*** MATERIAL PROVIDED Section Begins ***
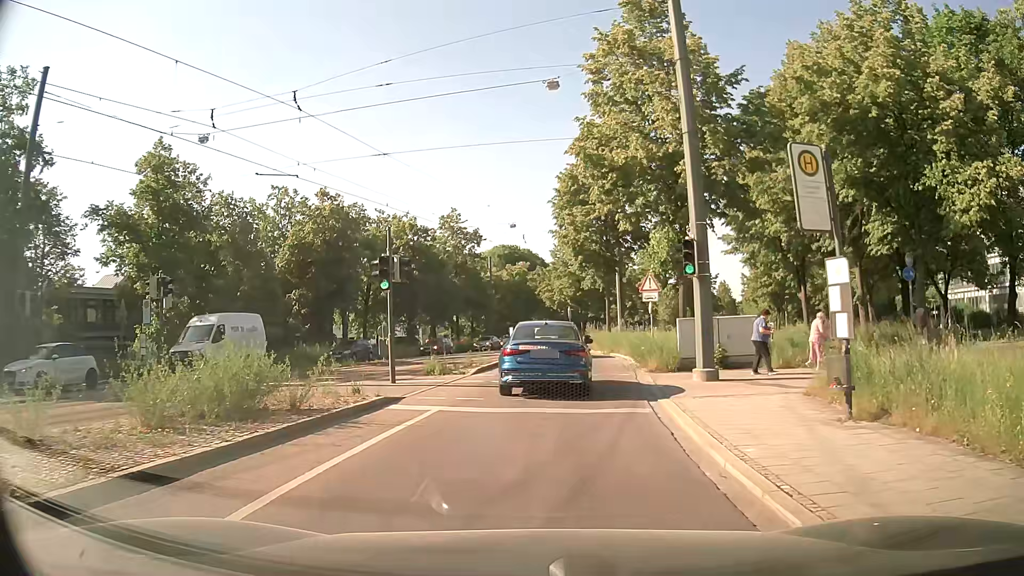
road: residential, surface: asphalt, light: Day
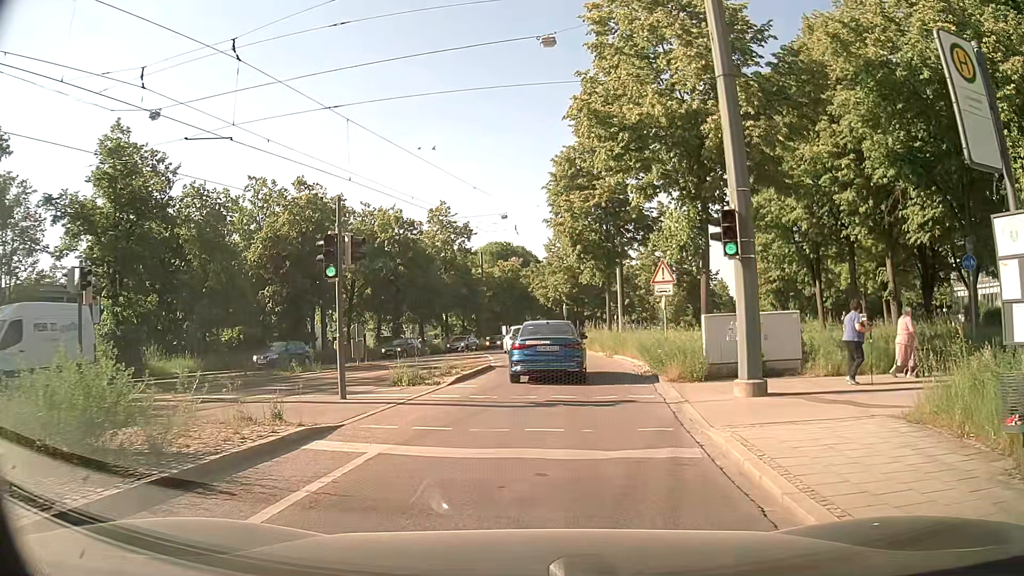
(+0.1, +3.7) m; +1°
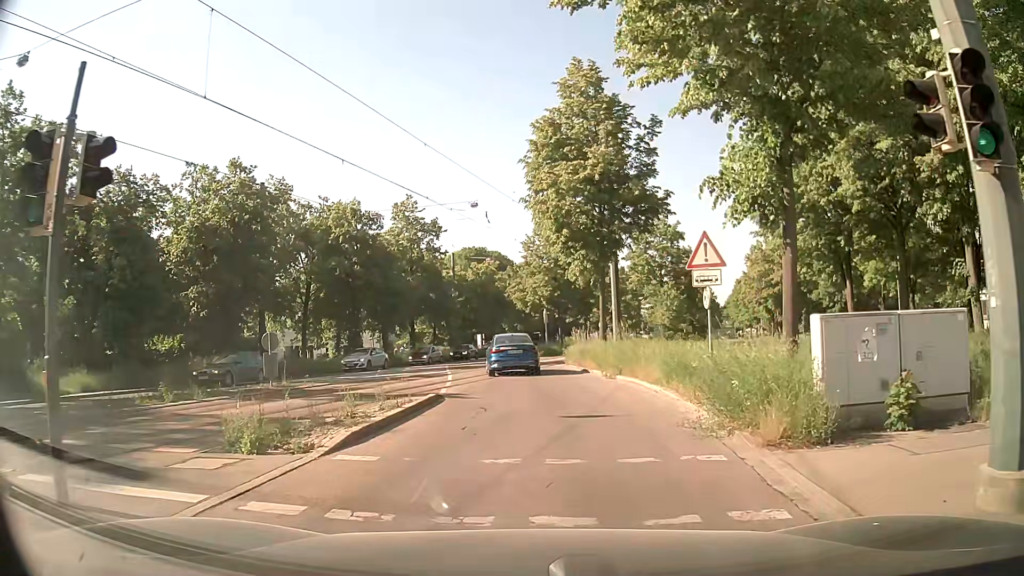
(+0.2, +7.8) m; +2°
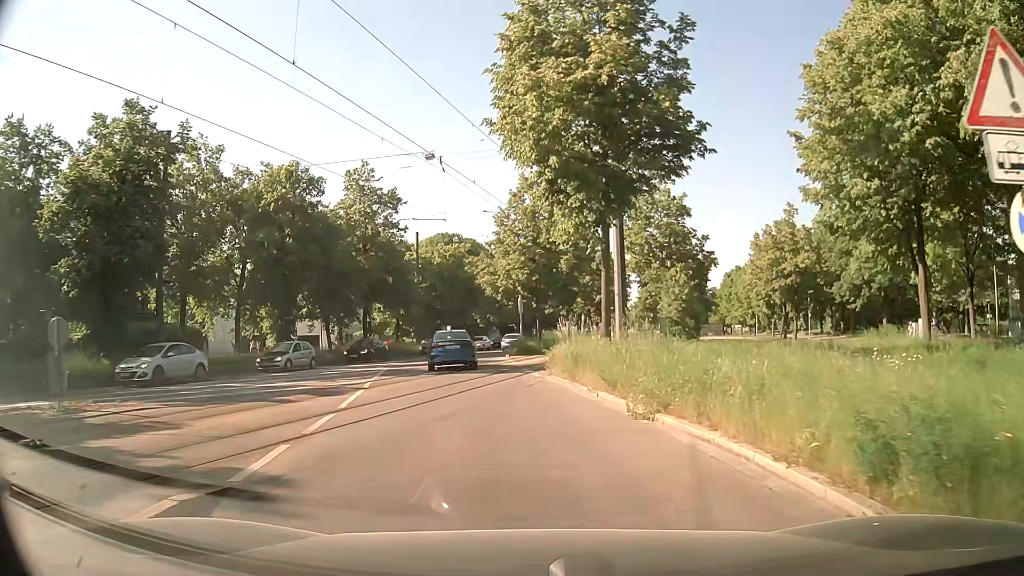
(+0.3, +10.0) m; +2°
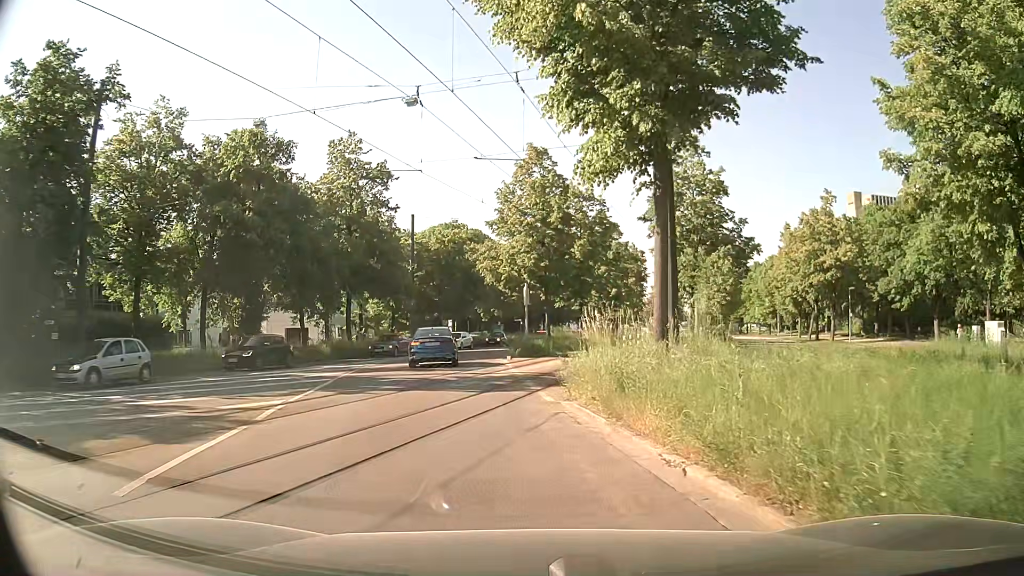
(+0.1, +7.1) m; +1°
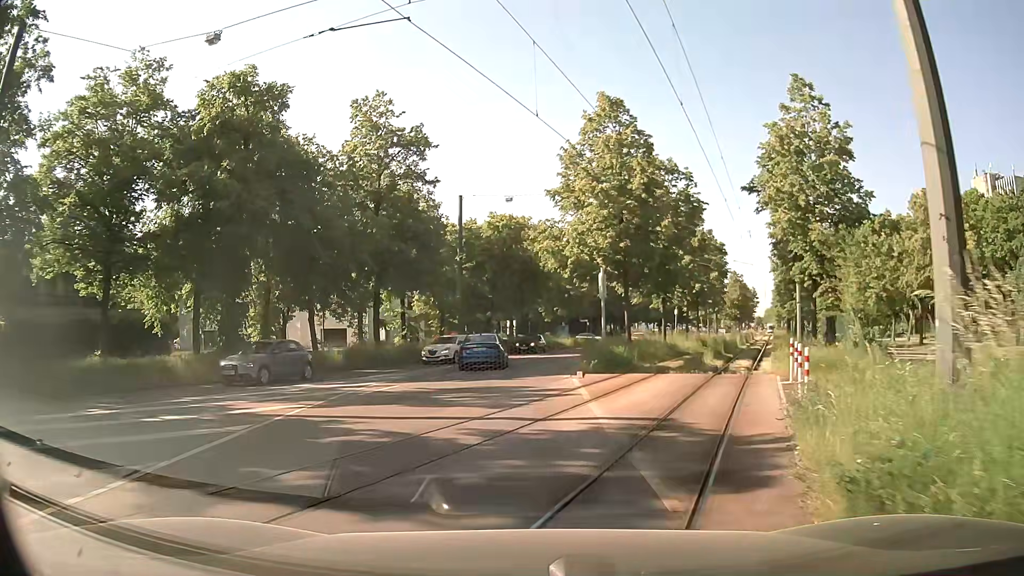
(-0.6, +9.3) m; -5°
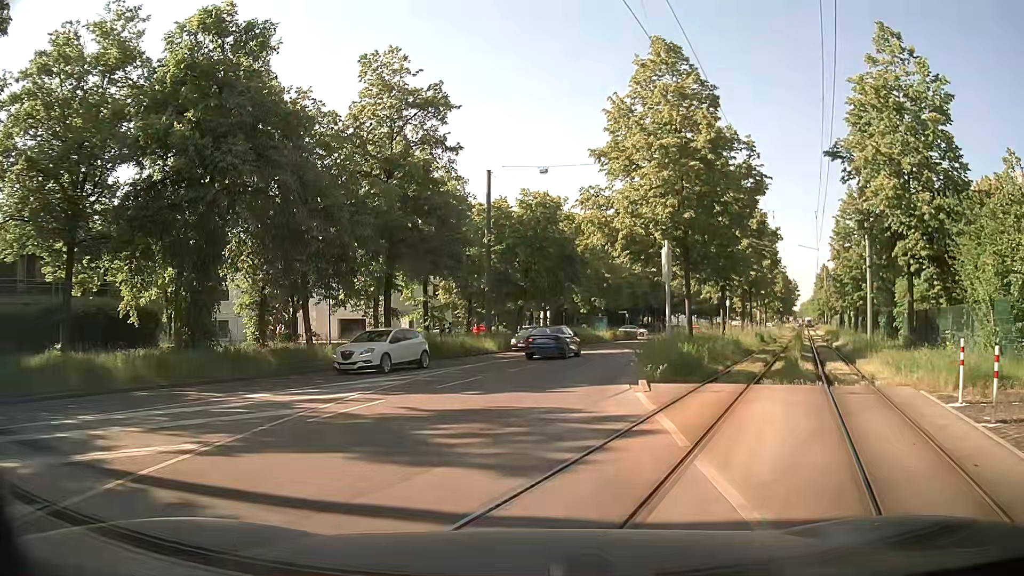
(-0.2, +5.7) m; -5°
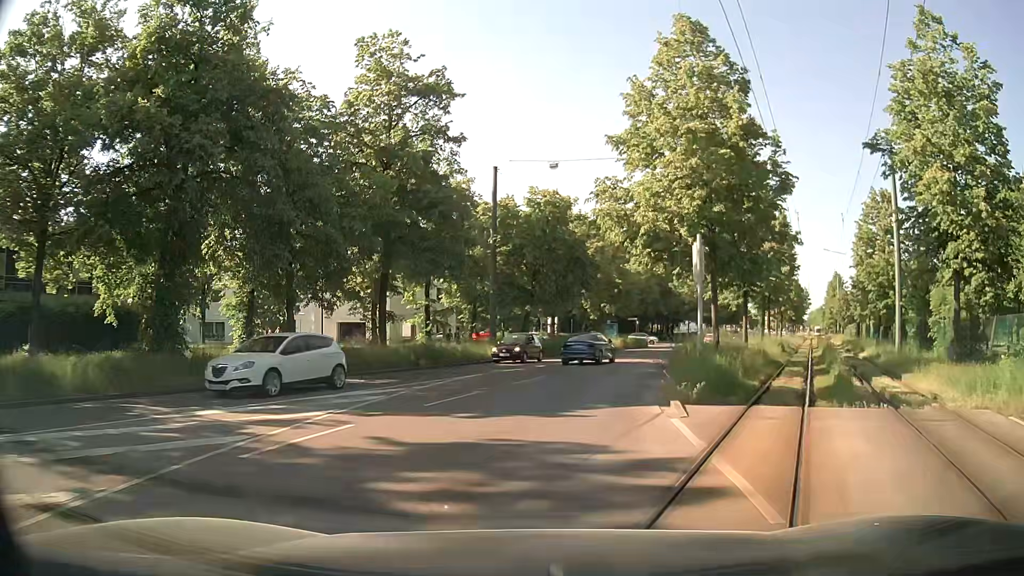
(0.0, +2.7) m; +1°
(0, +10) (0, +20) (+2, +30) (+5, +39) (+8, +49) (+12, +58) (+16, +67) (+20, +76) (+21, +86) (+14, +92) m
*** MATERIAL PROVIDED Section Ends ***
Each line in the records above should be reproduced exactly; images are not copied.

__RESULT OF THIS TASK__:
road: residential, surface: asphalt, light: Day
(+0.1, +3.7) m; +1°
(+0.2, +7.8) m; +2°
(+0.3, +10.0) m; +2°
(+0.1, +7.1) m; +1°
(-0.6, +9.3) m; -5°
(-0.2, +5.7) m; -5°
(0.0, +2.7) m; +1°
(0, +10) (0, +20) (+2, +30) (+5, +39) (+8, +49) (+12, +58) (+16, +67) (+20, +76) (+21, +86) (+14, +92) m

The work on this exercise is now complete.